31 Aralık 1995 tarihinde Gümrük Birliği’nin ihdas
edilmesiyle birlikte, ülkemizin 1995 yılında 21,6
milyar dolar olan toplam ihracatı %941 oranında
artış göstererek 2021 yılı itibariyle 225,2 milyar
dolara yükselmiş olup; aynı dönemde, AB’ye olan
ihracat ise 10,6 milyar dolardan 93,0 milyar dolara
yükselerek %776 oranında artış kaydetmiştir.
Gümrük Birliği ile Türkiye’nin toplam ithalatı 35,7
milyar dolardan 271,4 milyar dolara yükselerek
%660 oranında artış göstermiştir. Aynı dönemde,
ülkemizin AB’den ithalatı %437 oranında artarak
1995 yılında 15,9 milyar dolar iken 2021 yılında
85,6 milyar dolara çıkmıştır.
Türkiye ile AB arasında büyük bir ivme kazanan
ticaret hacmi 2021 yılında 178,6 milyar dolar olarak gerçekleşmiş ve AB ülkemizin en önemli ticaret ortağı olmayı sürdürmüştür. Ülkemiz, AB’nin
toplam ihracatından aldığı %3,6'lık pay ile 6. sırada
yerini almıştır.

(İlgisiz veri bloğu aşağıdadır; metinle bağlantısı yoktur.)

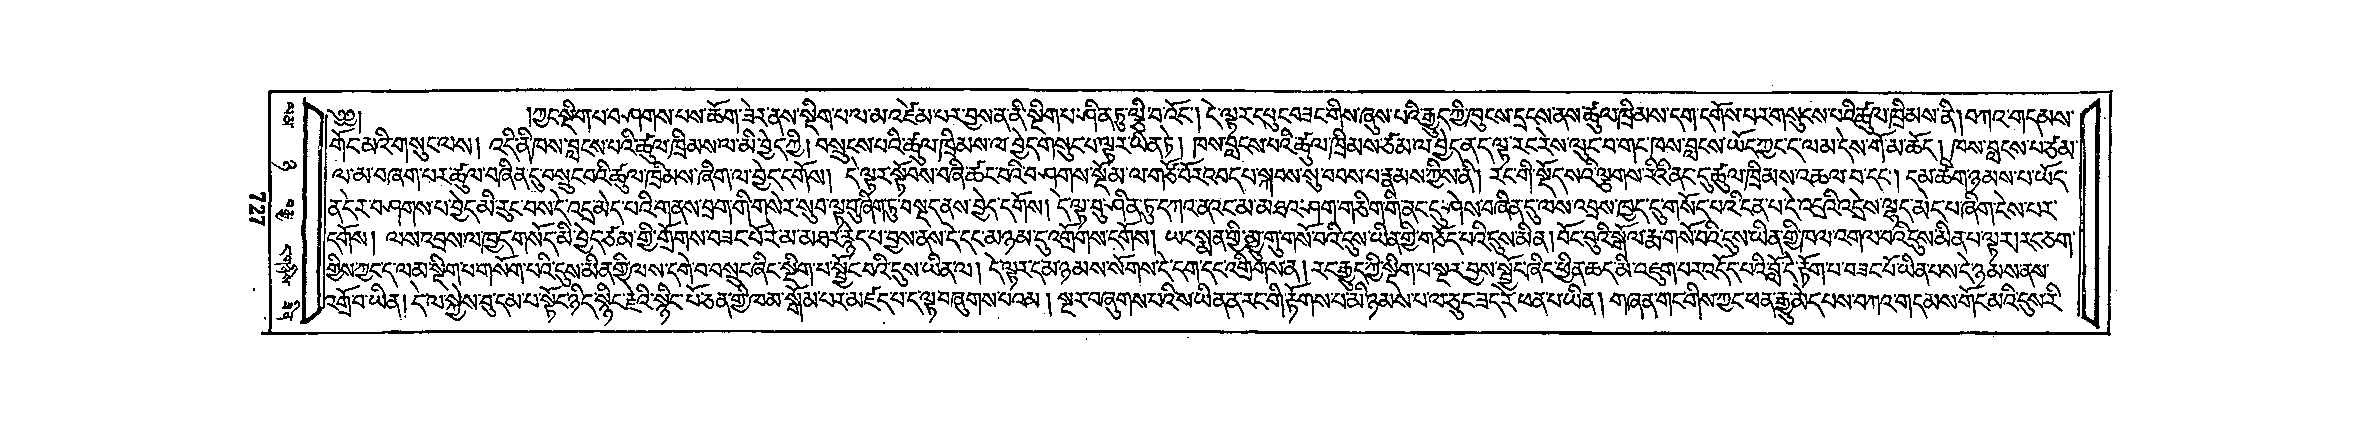༄༅། །ཀྱང་སྡིག་པ་བཤགས་པས་ཆོག་ཟེར་ནས་སྡིག་པ་ལ་མ་འཛེམ་པར་བྱས་ན་ནི་སྡིག་པ་ཤིན་ཏུ་ལྕི་བ་འོང་། དེ་ལྟར་དཔུང་བཟང་གིས་ཞུས་པའི་རྒྱུད་ཀྱི་ཁུངས་དྲངས་ནས་ཚུལ་ཁྲིམས་དག་དགོས་པར་གསུངས་པའི་ཚུལ་ཁྲིམས་ནི། བཀའ་གདམས་
གོང་མའི་གསུང་ལས། འདི་ནི་ཁས་བླངས་པའི་ཚུལ་ཁྲིམས་ལ་མི་བྱེད་ཀྱི། བསྲུངས་པའི་ཚུལ་ཁྲིམས་ལ་བྱེད་གསུང་པ་ལྟར་ཡིན་ཏེ། ཁས་བླངས་པའི་ཚུལ་ཁྲིམས་ཙམ་ལ་བྱེད་ན་ད་ལྟ་རང་རེས་ལུང་བ་གང་ཁས་བླངས་ཡོད་ཀྱང་ད་ལམ་དེས་གོ་མ་ཆོད། ཁས་བླངས་པ་ཙམ་
ལ་མ་བཞག་པར་ཚུལ་བཞིན་དུ་བསྲུང་བའི་ཚུལ་ཁྲིམས་ཞིག་ལ་བྱེད་དགོས། དེ་ལྟར་སྟོབས་བཞི་ཚང་བའི་བཤགས་སྡོམ་ལ་གཙོ་བོར་འབད་པ་སྐབས་སུ་བབས་པ་རྣམས་ཀྱིས་ནི། རང་གི་སྡོད་སའི་ལྕགས་རིའི་ནང་དུ་ཚུལ་ཁྲིམས་འཆལ་བ་དང་། དམ་ཚིག་ཉམས་པ་ཡོད་
ན་དེར་བཤགས་པ་བྱེད་མི་རུང་བས་དེ་འདྲ་མེད་པའི་གནས་བྲག་གི་གསེར་སུབ་ལྟ་བུ་ཞིག་ཏུ་བསྡད་ནས་བྱེད་དགོས། དེ་ལྟ་བུ་ཤིན་ཏུ་དཀའ་ནའང་མ་མཐའ་ཤག་གཅིག་གི་ནང་དུ་ཤེས་བཞིན་དུ་ལས་འབྲས་ཁྱད་དུ་གསོད་པའི་ངན་པ་དེ་འདྲའི་འདྲེས་ལྷད་མེད་པ་ཞིག་ངེས་པར་
དགོས། ལས་འབྲས་ལ་ཁྱད་གསོད་མི་བྱེད་ཙམ་གྱི་གྲོགས་བཟང་པོ་རེ་མ་མཐར་རྙེད་པ་བྱས་ནས་དེ་དང་མཉམ་དུ་འགྲོགས་དགོས། ཡང་སྨན་གྱི་མྱུ་གུ་གསོ་བའི་དུས་ཡིན་གྱི་གཅོད་པའི་དུས་མིན། བོང་བུའི་སྒོལ་རྨ་གསོ་བའི་དུས་ཡིན་གྱི་ཁལ་འགལ་བའི་དུས་མིན་པ་ལྟར། རང་ཅག་
གྱིས་ཀྱང་ད་ལམ་སྡིག་པ་གསོག་པའི་དུས་མིན་གྱི་ལས་དགེ་བ་བསྲུང་ཞིང་སྡིག་པ་སྦྱོང་བའི་དུས་ཡིན་ལ། དེ་ལྟར་དམ་ཉམས་སོགས་དེ་དག་དང་འགྲིགས་ན། རང་རྒྱུད་ཀྱི་སྡིག་པ་སྔར་བྱས་སྦྱོང་ཞིང་ཕྱིན་ཆད་མི་འཇུག་པར་འདོད་པའི་བློ་དེ་རྟོག་པ་བཟང་པོ་ཡིན་པས་དེ་ཉམས་ནས་
འགྲོ་བ་ཡིན། དེ་ལ་སྐྱེས་བུ་དམ་པ་སྟོང་ཉིད་སྙིང་རྗེའི་སྙིང་པོ་ཅན་གྱི་ལམ་སྒོམ་པར་མཛད་པ་ད་ལྟ་བཞུགས་པའམ། སྔར་བཞུགས་པའི་ས་ཡིན་ན་རང་གི་རྟོགས་པ་མི་ཉམས་པ་ལ་ཅུང་ཟད་རེ་ཕན་པ་ཡིན། གཞན་གང་གིས་ཀྱང་ཕན་རྒྱུ་མེད་པས་བཀའ་གདམས་གོང་མའི་དུས་རི་

AB, 2021 yılında 93 milyar dolar ile
ihracatımızdan %41,3 oranında pay almakta olup
toplam ihracatımızda ilk sırada yer almaktadır.
Ülkemiz, AB ülkelerinin kendi aralarında yaptığı ticaret hariç tutulduğunda, AB’nin toplam
ithalatında ise %3,7’lik payla 6. sırada yer almaktadır. Ayrıca AB, ülkemizin ihracatında olduğu
gibi ithalatında da ilk sırada yer almaktadır. 2021
yılı rakamlarına göre Türkiye 271 milyar dolarlık toplam ithalatının 85 milyar dolarlık kısmını
(%31,5’lik pay) AB’den gerçekleştirmiştir. 2021 yılında ülkemizin AB ile olan ticaretinde ihracatın
ithalatı karşılama oranı %108,7 seviyesinde gerçekleşmiştir.